How to complete this task:
With the pictures removed, write out the full listing below exactly.

Data records:

↓↓↓

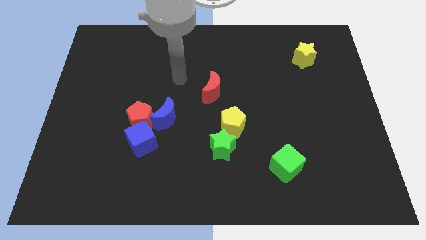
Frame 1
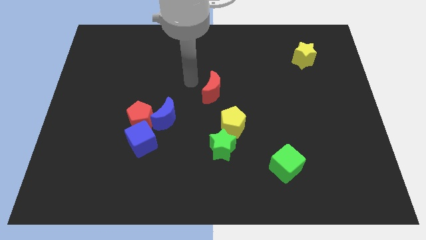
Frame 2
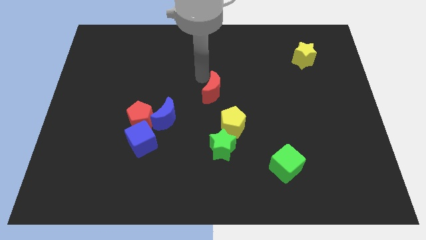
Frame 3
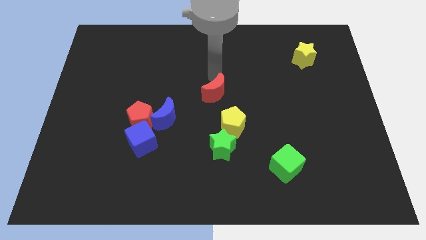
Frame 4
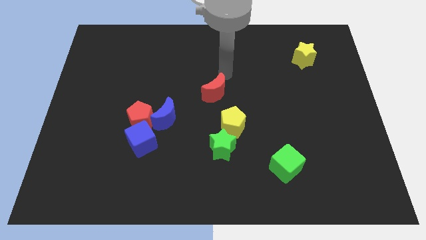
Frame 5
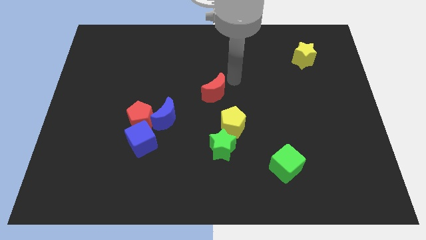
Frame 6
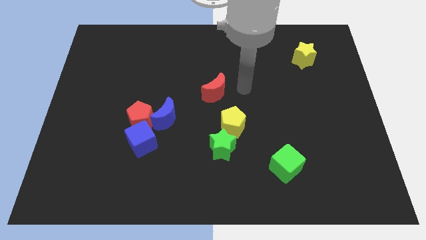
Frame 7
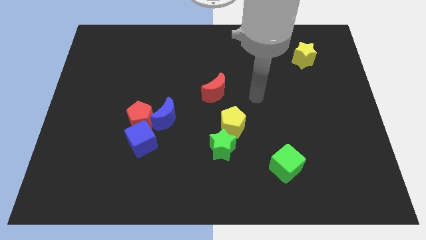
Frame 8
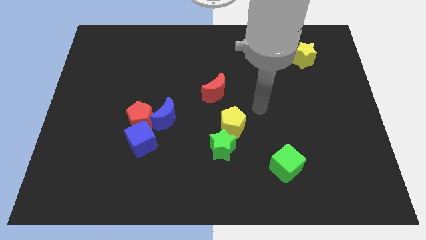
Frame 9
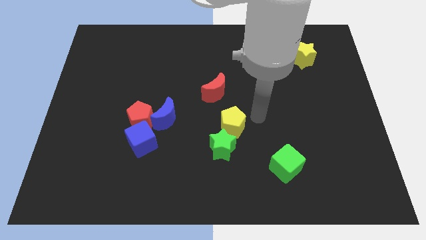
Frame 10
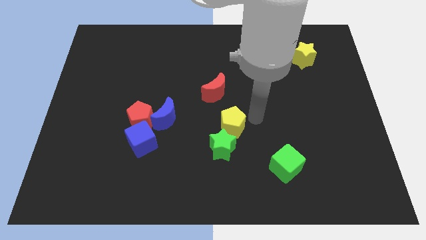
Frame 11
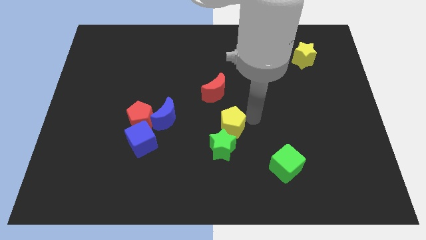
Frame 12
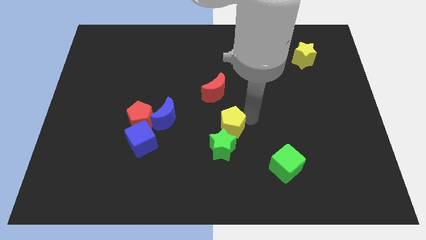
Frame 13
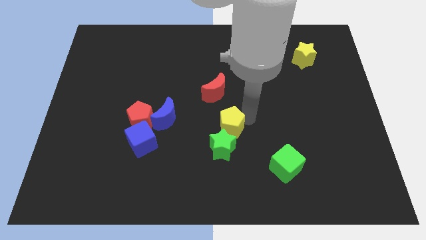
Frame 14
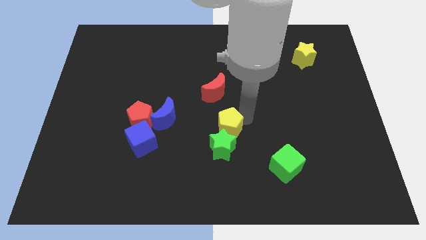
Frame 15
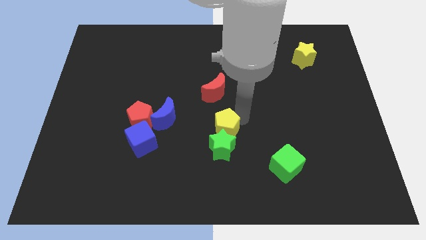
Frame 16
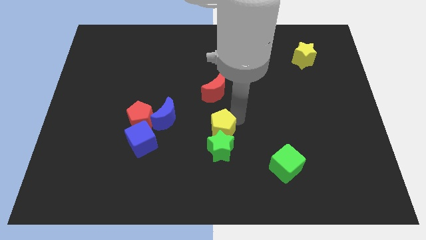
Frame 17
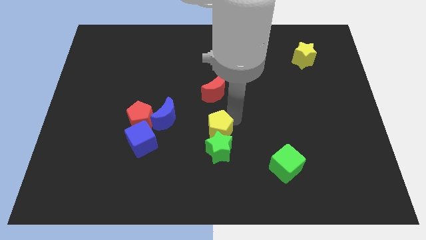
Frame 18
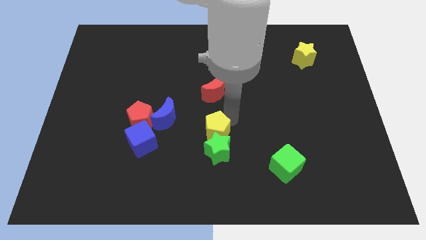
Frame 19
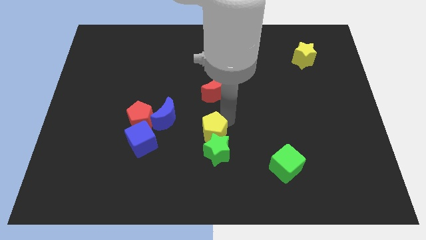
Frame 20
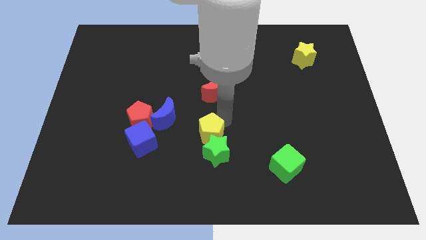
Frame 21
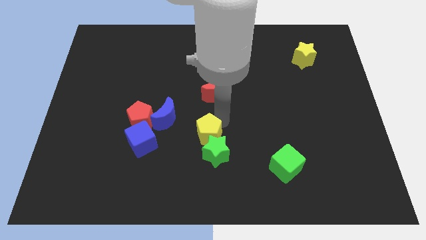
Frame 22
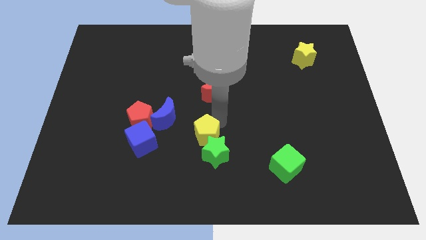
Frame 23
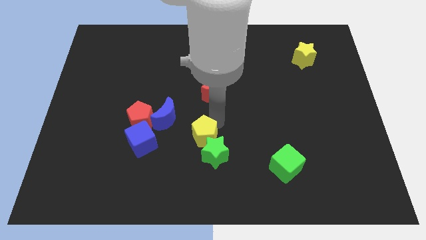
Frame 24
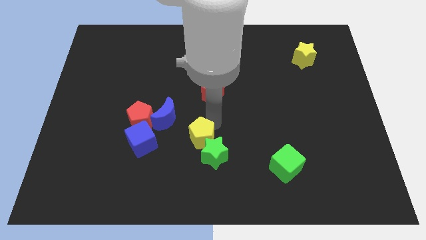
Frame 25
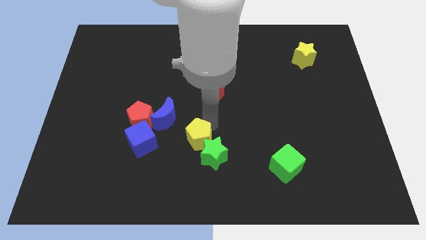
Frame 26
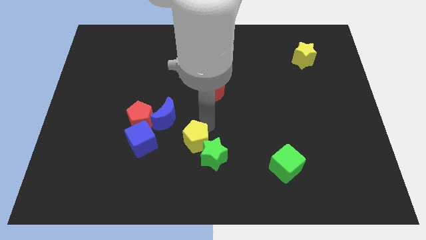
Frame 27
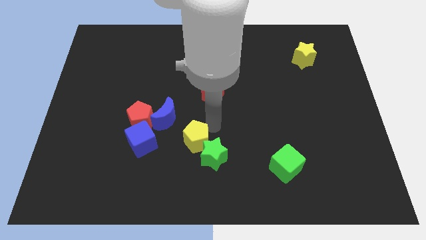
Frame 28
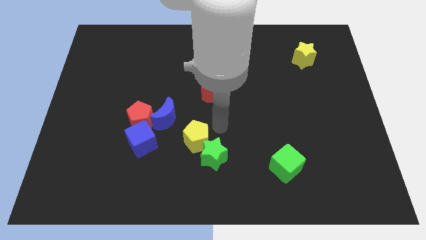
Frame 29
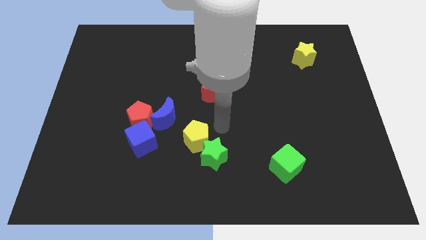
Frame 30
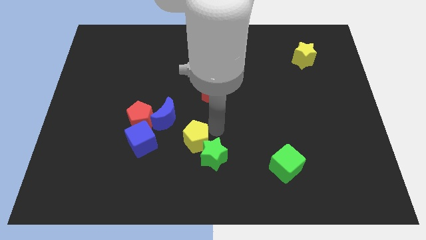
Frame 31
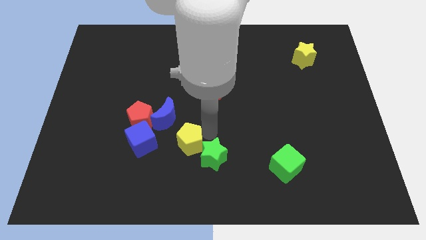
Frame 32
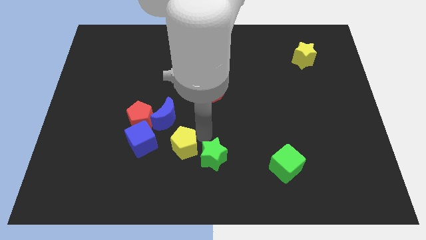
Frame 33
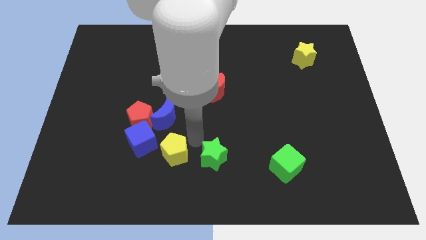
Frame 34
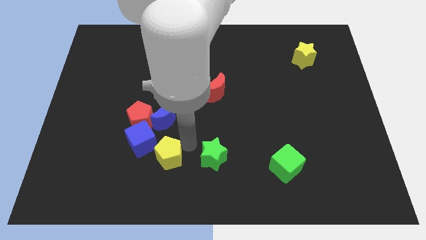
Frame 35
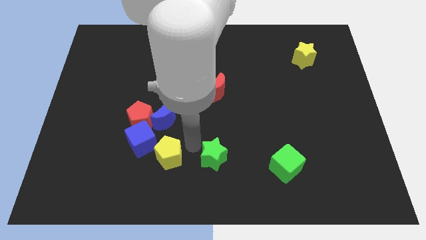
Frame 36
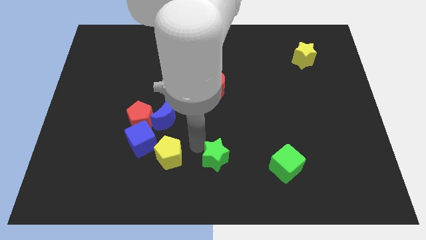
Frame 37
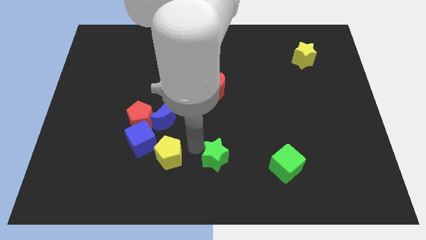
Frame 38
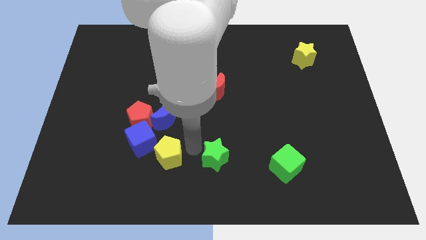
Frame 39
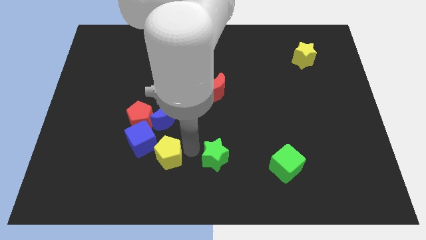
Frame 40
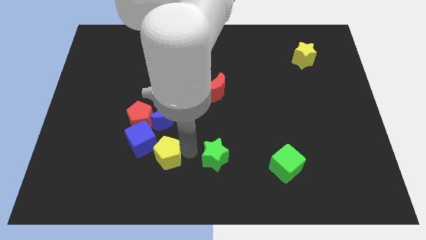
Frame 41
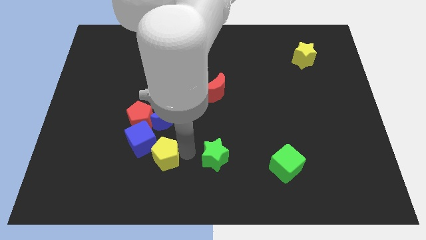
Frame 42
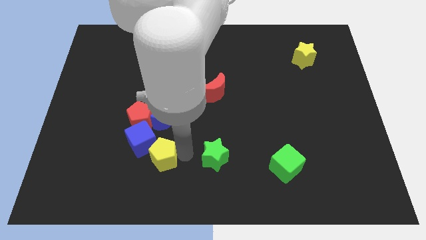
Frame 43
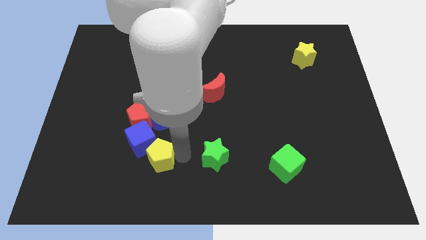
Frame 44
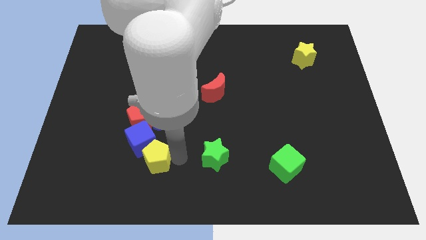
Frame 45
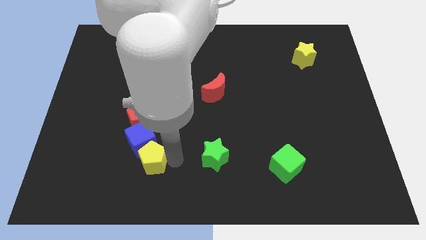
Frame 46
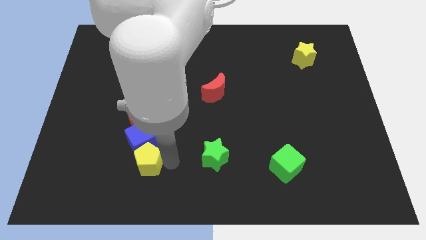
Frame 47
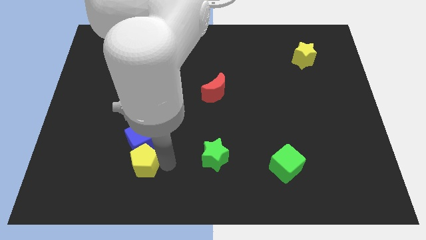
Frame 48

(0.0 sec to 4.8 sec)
move the yellow pentagon diagonally down and to the left of the blue cube

↑↑↑

Task result:
Frame 1
Frame 2
Frame 3
Frame 4
Frame 5
Frame 6
Frame 7
Frame 8
Frame 9
Frame 10
Frame 11
Frame 12
Frame 13
Frame 14
Frame 15
Frame 16
Frame 17
Frame 18
Frame 19
Frame 20
Frame 21
Frame 22
Frame 23
Frame 24
Frame 25
Frame 26
Frame 27
Frame 28
Frame 29
Frame 30
Frame 31
Frame 32
Frame 33
Frame 34
Frame 35
Frame 36
Frame 37
Frame 38
Frame 39
Frame 40
Frame 41
Frame 42
Frame 43
Frame 44
Frame 45
Frame 46
Frame 47
Frame 48

(0.0 sec to 4.8 sec)
move the yellow pentagon diagonally down and to the left of the blue cube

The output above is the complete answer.